In one of the stranger stories to emerge last week, Eddie Hearn and Matchroom Boxing are suing Jake Paul for $100 million. Yes, 100 million actual US dollars. TMZ first reported the news.
The dispute stems from comments Paul recently made in an interview with IFL TV. The YouTuber claimed that judge Glen Feldman – who scored the recent Oleksandr Usyk-Anthony Joshua rematch in favour of the latter and had Katie Taylor as a wide winner against Amanda Serrano earlier in the year – had been paid off by Matchroom for those two cards.
It’s just a stupid thing to say, isn’t it? There is zero proof that any sort of corruption exists in boxing, and certainly not at the highest level. Are there issues with judging within the sport? Absolutely, but it’s not because judges are on the take.
Paul wants to be taken seriously as a boxer and, apparently, as a promoter – he’s yet to give us a reason to, and these comments are just further proof that he doesn’t understand the sport. Hearn and Matchroom won’t get $100 million out of him but legal action is the right move – you can’t just throw around serious allegations against a rival organisation without any evidence like that and not expect any consequences.
Speaking of consequences, it was interesting to watch the reaction to Shakur Stevenson missing weight for his fight over the weekend. He relinquished his ‘world’ title on the scales as well as a portion of his purse. In the past we’ve seen fighters – particularly champions – lambasted for missing weight, but Stevenson received no such backlash.

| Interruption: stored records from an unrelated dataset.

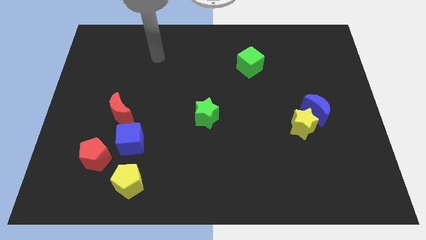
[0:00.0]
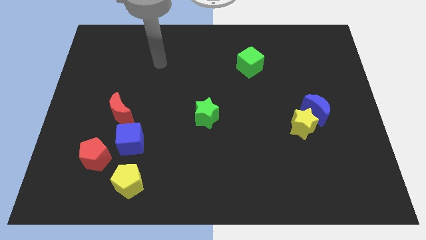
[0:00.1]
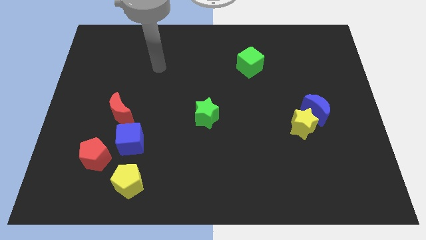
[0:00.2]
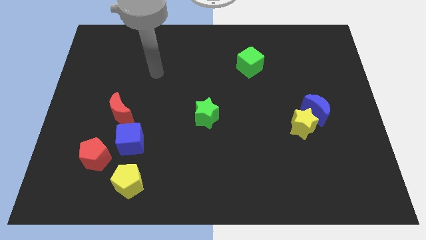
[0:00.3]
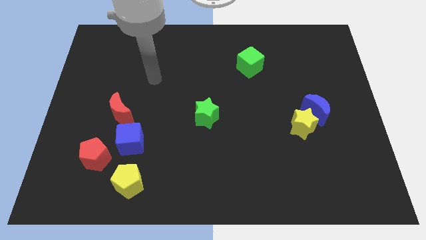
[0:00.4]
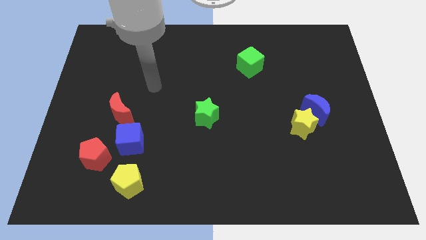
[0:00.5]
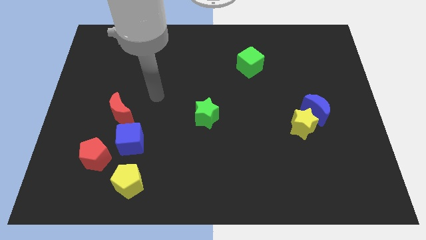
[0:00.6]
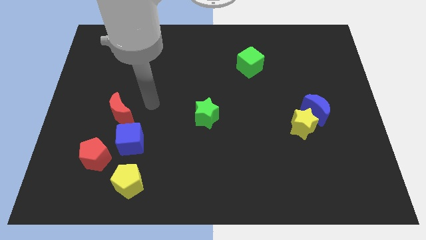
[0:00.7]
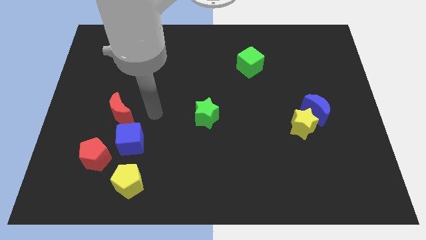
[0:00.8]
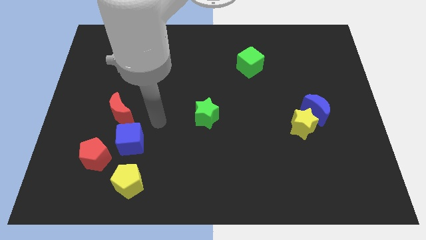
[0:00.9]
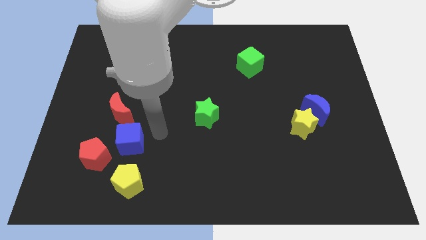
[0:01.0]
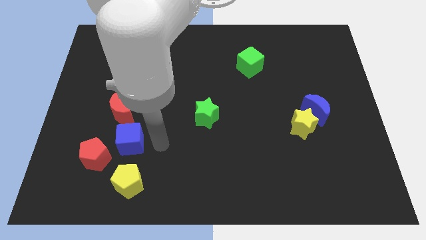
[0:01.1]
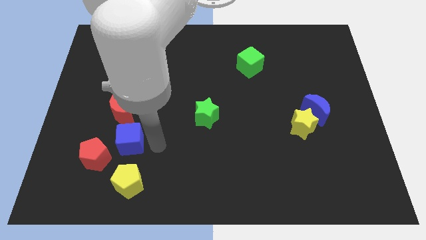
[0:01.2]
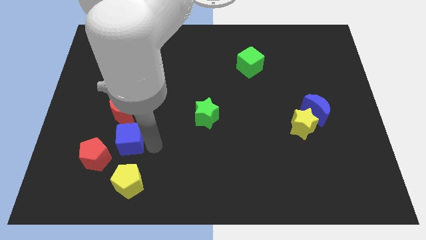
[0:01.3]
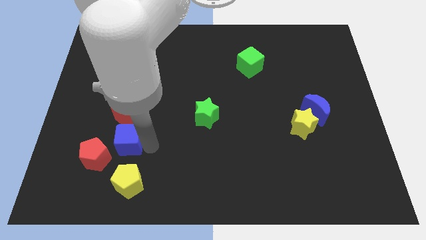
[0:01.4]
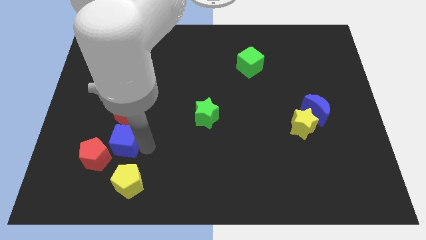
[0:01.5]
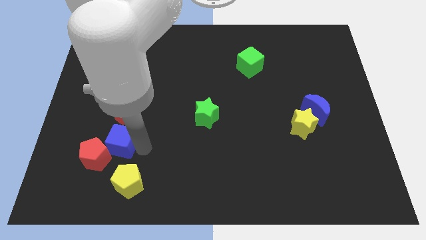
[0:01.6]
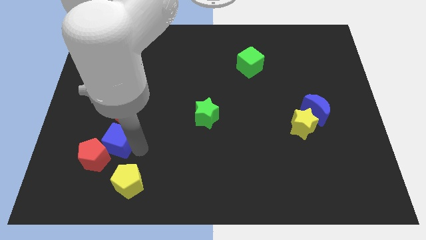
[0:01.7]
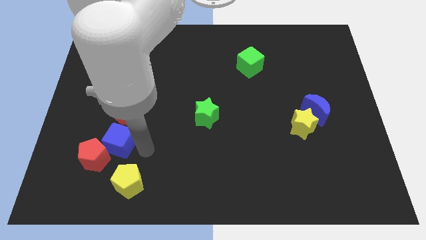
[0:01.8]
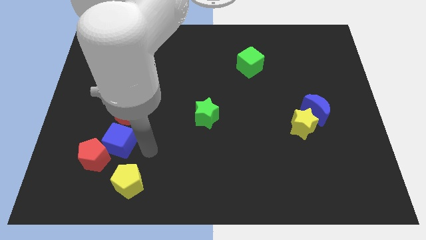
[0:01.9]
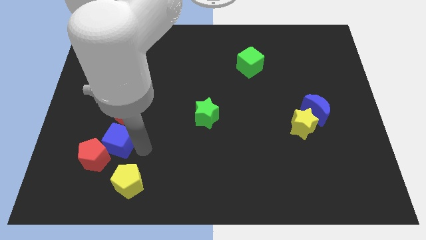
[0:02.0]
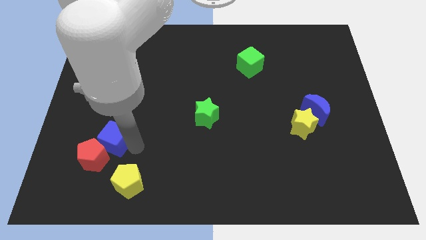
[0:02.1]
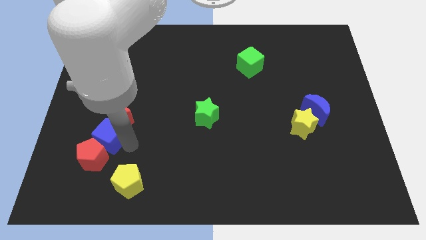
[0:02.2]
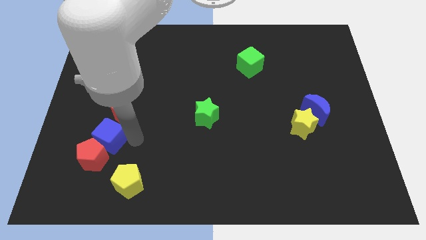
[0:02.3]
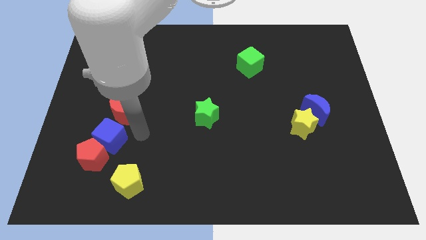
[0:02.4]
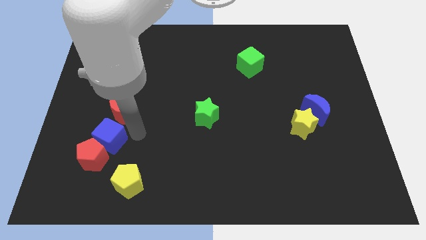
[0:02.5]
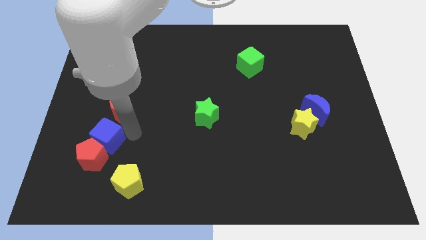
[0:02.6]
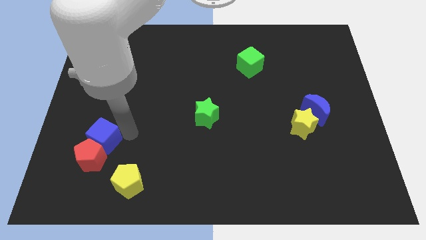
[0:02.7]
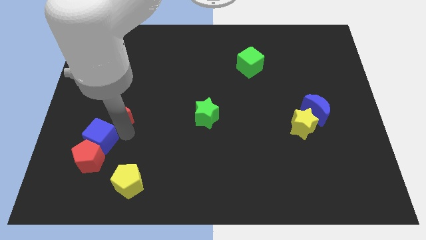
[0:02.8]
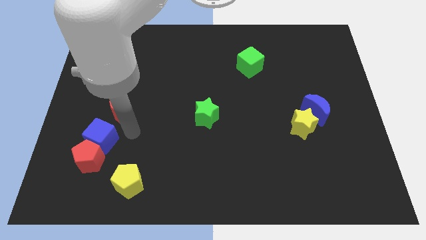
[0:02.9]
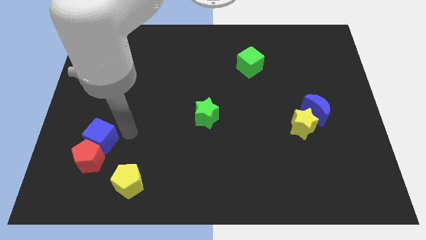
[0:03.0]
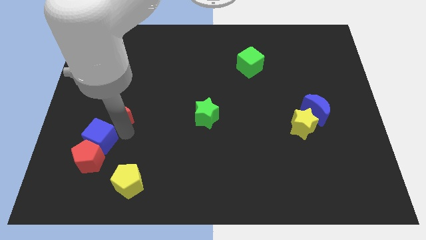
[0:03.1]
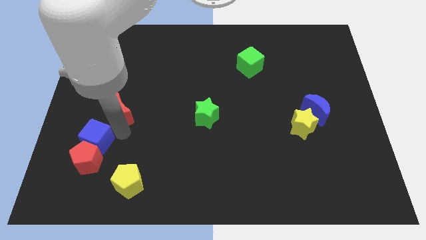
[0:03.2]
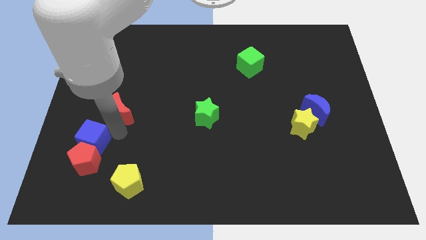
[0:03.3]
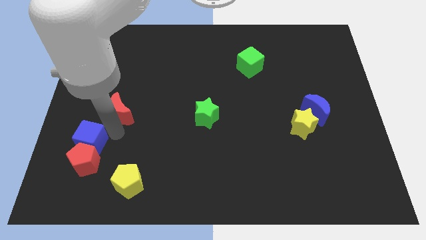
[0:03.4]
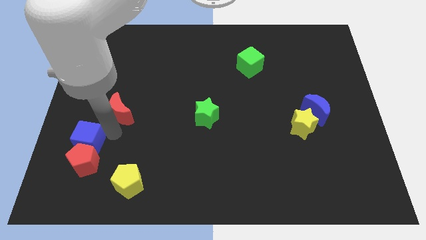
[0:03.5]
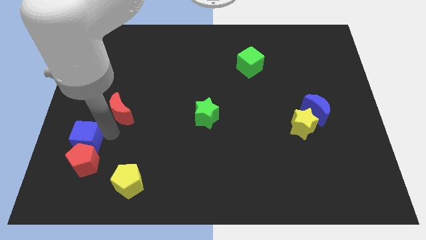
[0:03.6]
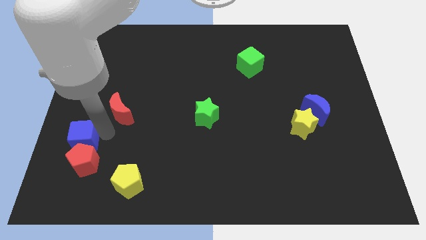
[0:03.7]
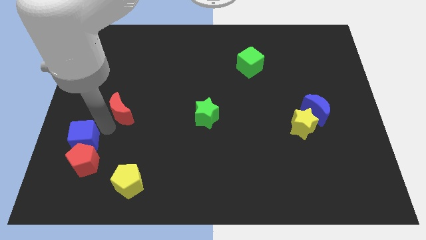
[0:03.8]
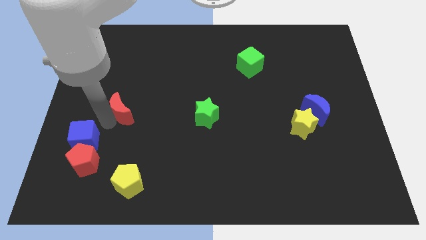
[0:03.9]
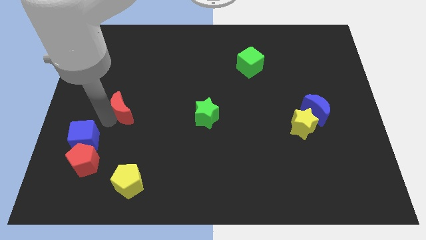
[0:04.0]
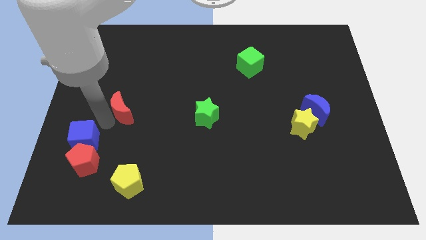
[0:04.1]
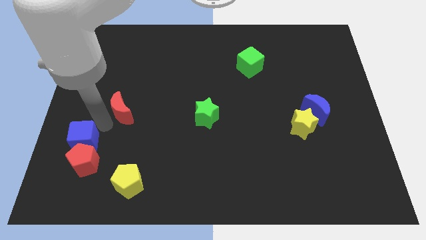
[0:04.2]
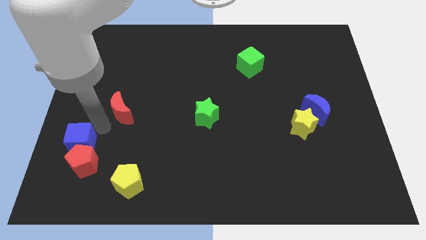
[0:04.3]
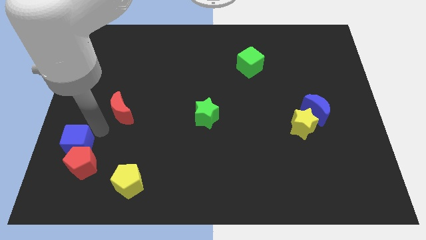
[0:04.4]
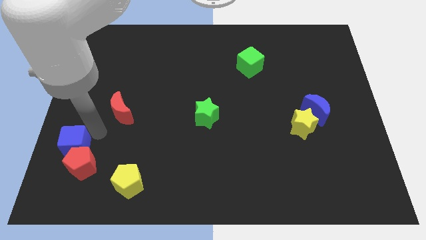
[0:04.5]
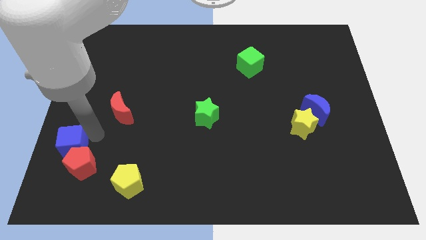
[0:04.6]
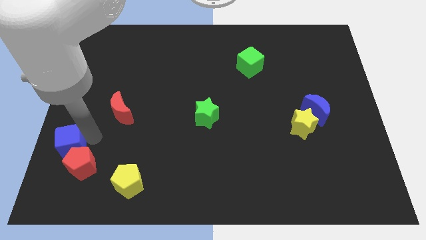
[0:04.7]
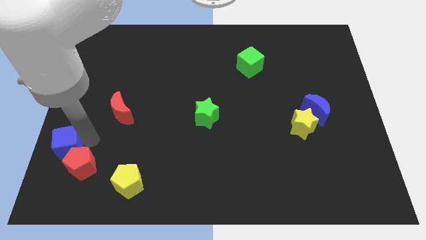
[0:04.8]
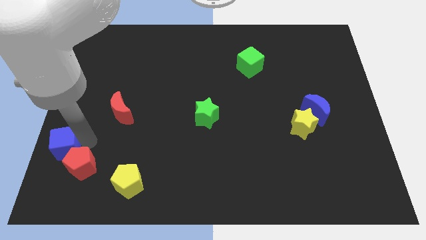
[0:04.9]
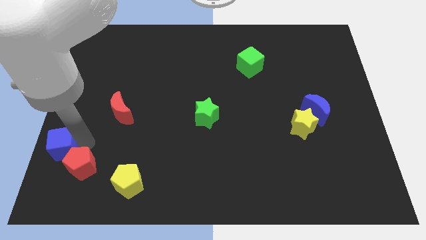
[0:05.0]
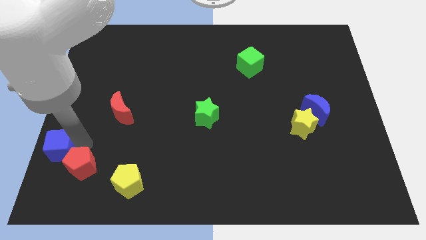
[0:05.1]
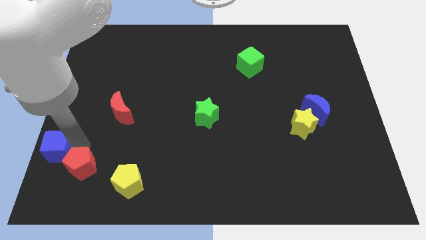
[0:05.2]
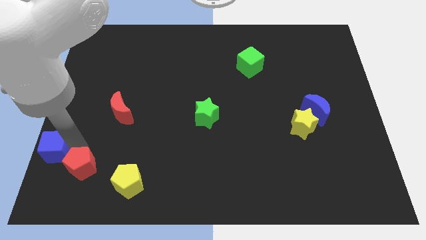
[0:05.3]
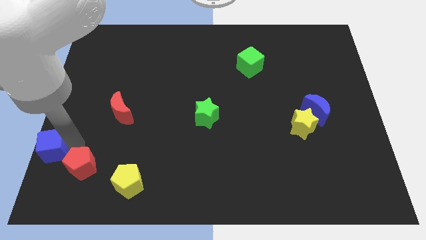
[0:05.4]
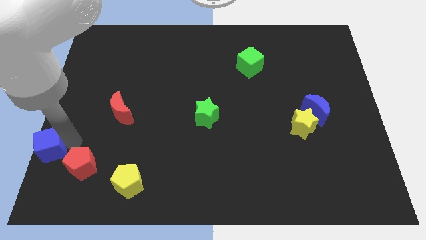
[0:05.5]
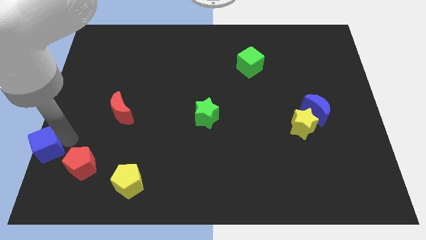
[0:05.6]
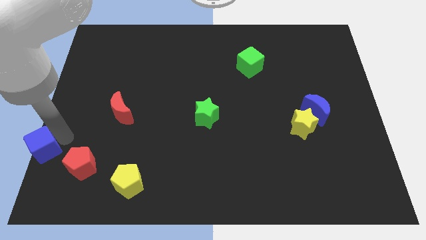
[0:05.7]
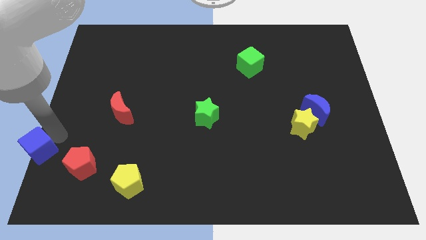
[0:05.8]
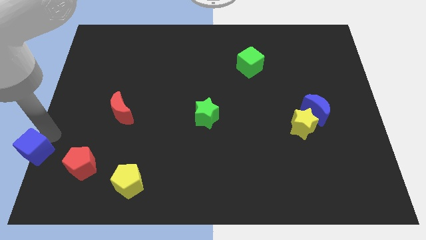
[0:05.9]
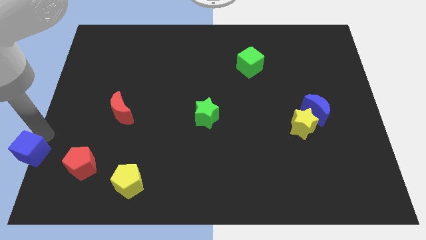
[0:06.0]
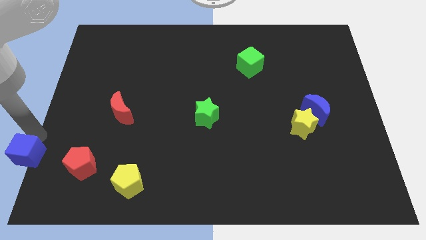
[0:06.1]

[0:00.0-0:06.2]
move the blue cube to the bottom left corner

In fact a lot of reactions were centred around excitement at the prospect of the young talent now moving up to lightweight where the likes of Devin Haney and Gervonta Davis operate. Losing his title and sacrificing money is a fitting punishment for missing weight and it was encouraging to hear him immediately admit that he has outgrown super-featherweight and will immediately move to 135lbs.
Ideally fighters should just automatically choose to fight at their natural weight rather than boiling themselves down and rehydrating for fight night. Perhaps we’re starting to see a shift in public perception where, rather than shout fighters down for missing weight, fans are just glad to see them facing up to the realities of their bodies.
This isn’t to celebrate Stevenson, though. He still missed weight and if he previously knew he can’t safely make 130lbs he shouldn’t have taken this fight and instead moved up in weight beforehand.
Usyk sat down for a lengthy interview on his personal YouTube channel and it produced some fascinating insights to how he works. He revealed that during press conferences he pays more attention to people’s body language rather than what they say. In his final presser with Joshua, he was reciting a sequence of 45 different numbers between one and 100, a task assigned to him by a member of his training team.
Like his close friend Vasily Lomachenko, the Ukrainian maestro trains his mind just as much as his body.